> **Task objective**:
Beginning at the line that contains "Provided next are", reproduce the entries below exactly, ending with the line that contains "Time gap since image 1: 1.0 s.". Omit each picture.

> **Data supplied**:
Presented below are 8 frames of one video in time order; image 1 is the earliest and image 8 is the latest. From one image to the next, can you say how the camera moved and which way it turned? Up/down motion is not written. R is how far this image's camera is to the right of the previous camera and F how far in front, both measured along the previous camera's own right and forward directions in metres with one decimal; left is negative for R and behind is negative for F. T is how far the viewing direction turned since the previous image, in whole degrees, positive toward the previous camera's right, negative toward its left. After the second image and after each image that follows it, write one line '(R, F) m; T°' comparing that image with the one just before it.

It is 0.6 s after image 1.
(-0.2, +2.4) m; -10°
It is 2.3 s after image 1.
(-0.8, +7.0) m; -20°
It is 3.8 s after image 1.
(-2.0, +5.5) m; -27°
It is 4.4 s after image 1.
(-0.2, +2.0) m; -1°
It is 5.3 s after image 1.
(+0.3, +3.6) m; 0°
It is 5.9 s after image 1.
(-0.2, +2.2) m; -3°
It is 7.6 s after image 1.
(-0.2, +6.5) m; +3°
--
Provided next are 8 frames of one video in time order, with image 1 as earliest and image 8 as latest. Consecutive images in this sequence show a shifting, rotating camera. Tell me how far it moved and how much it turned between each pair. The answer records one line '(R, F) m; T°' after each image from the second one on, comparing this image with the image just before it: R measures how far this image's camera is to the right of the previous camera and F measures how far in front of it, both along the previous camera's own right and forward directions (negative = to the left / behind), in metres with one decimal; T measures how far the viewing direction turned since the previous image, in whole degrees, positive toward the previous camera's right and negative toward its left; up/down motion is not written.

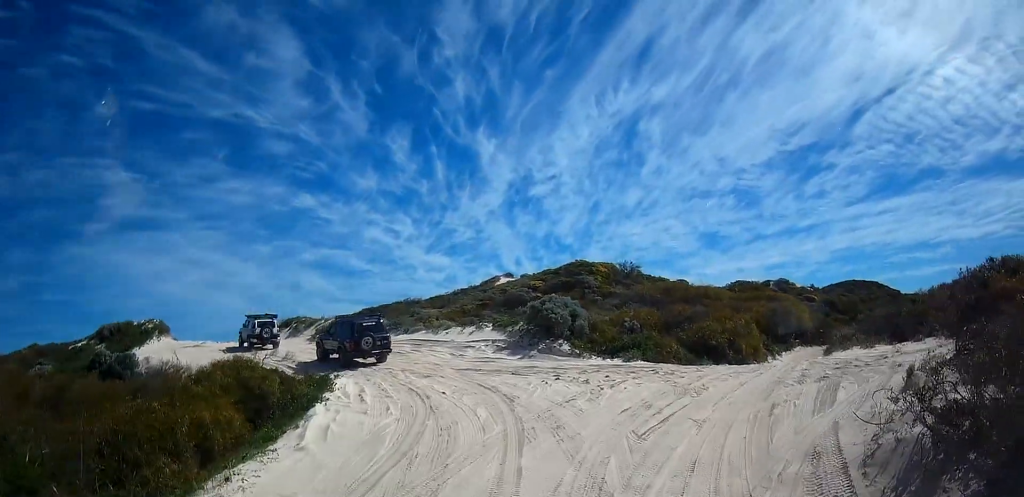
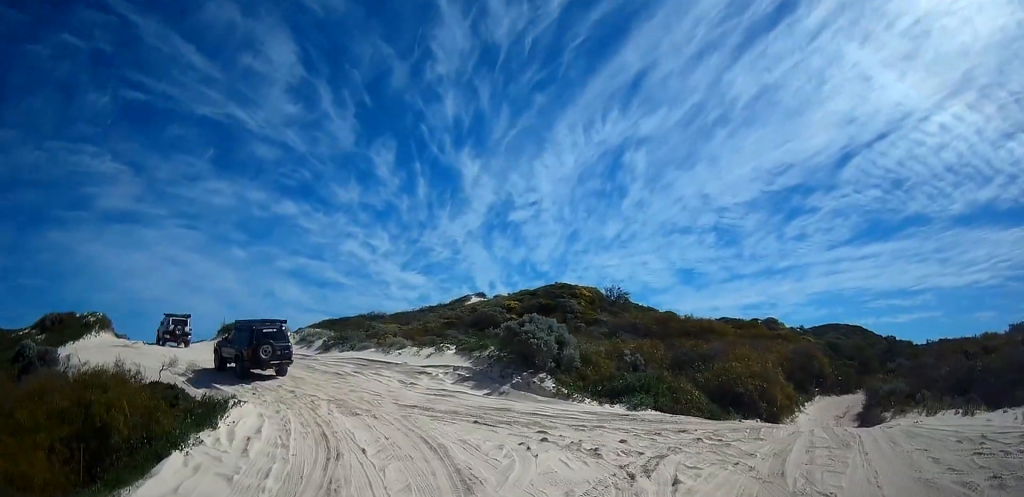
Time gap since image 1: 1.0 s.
==
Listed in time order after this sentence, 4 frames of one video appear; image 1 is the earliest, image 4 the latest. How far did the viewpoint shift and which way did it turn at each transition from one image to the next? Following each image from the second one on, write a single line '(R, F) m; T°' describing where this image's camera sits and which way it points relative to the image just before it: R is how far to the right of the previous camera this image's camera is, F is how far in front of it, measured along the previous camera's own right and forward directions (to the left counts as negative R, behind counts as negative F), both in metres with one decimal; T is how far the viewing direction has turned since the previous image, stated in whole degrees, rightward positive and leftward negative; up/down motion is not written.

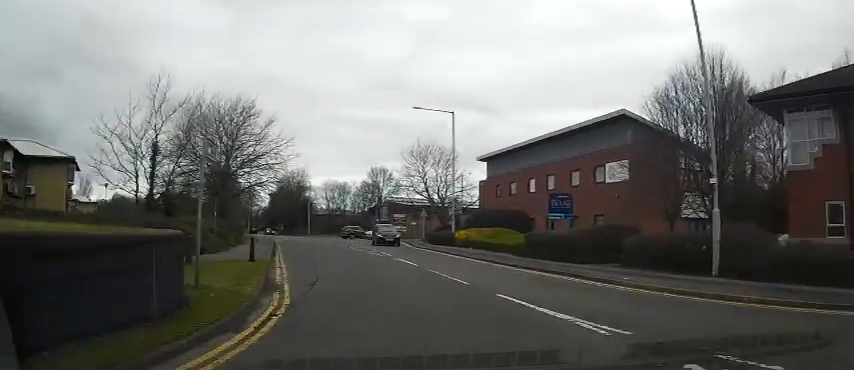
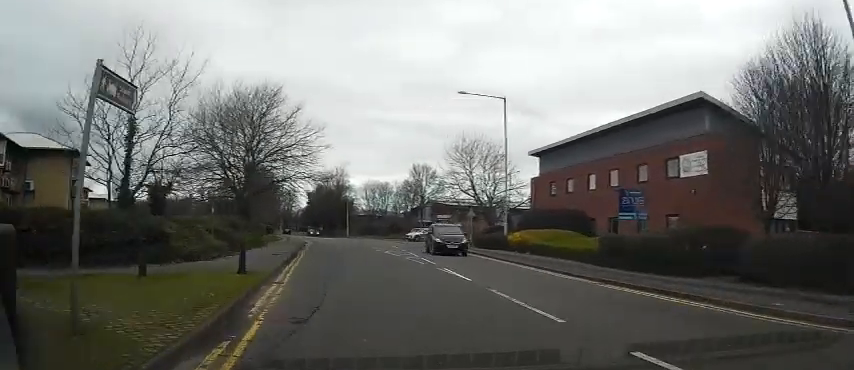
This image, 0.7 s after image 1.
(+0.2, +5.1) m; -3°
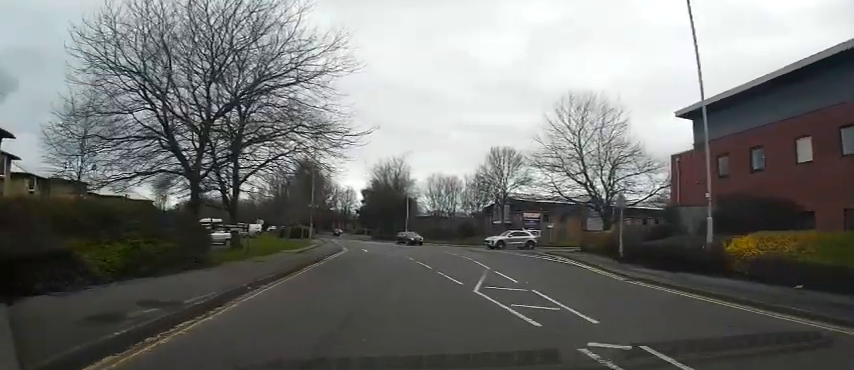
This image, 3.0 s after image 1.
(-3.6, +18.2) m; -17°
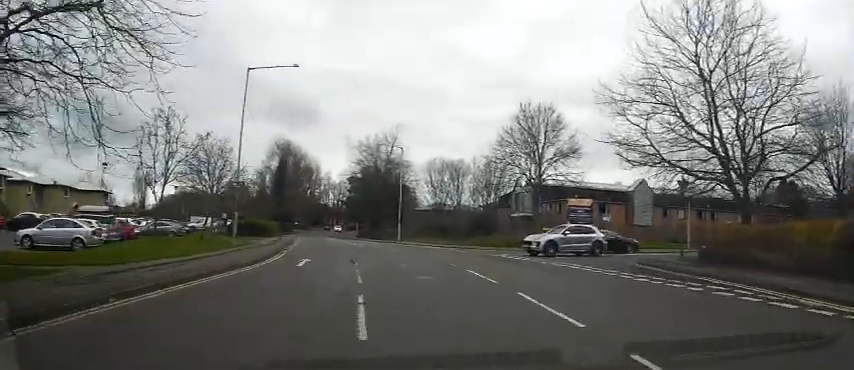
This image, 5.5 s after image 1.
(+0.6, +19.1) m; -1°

> **Response box**:
Provided next are 8 frames of one video in time order, with image 1 as earliest and image 8 as latest. Consecutive images in this sequence show a shifting, rotating camera. Tell me how far it moved and how much it turned between each pair. The answer records one line '(R, F) m; T°' after each image from the second one on, comparing this image with the image just before it: R measures how far this image's camera is to the right of the previous camera and F measures how far in front of it, both along the previous camera's own right and forward directions (negative = to the left / behind), in metres with one decimal; T measures how far the viewing direction turned since the previous image, in whole degrees, positive toward the previous camera's right and negative toward its left; up/down motion is not written.

Time gap since image 1: 1.0 s.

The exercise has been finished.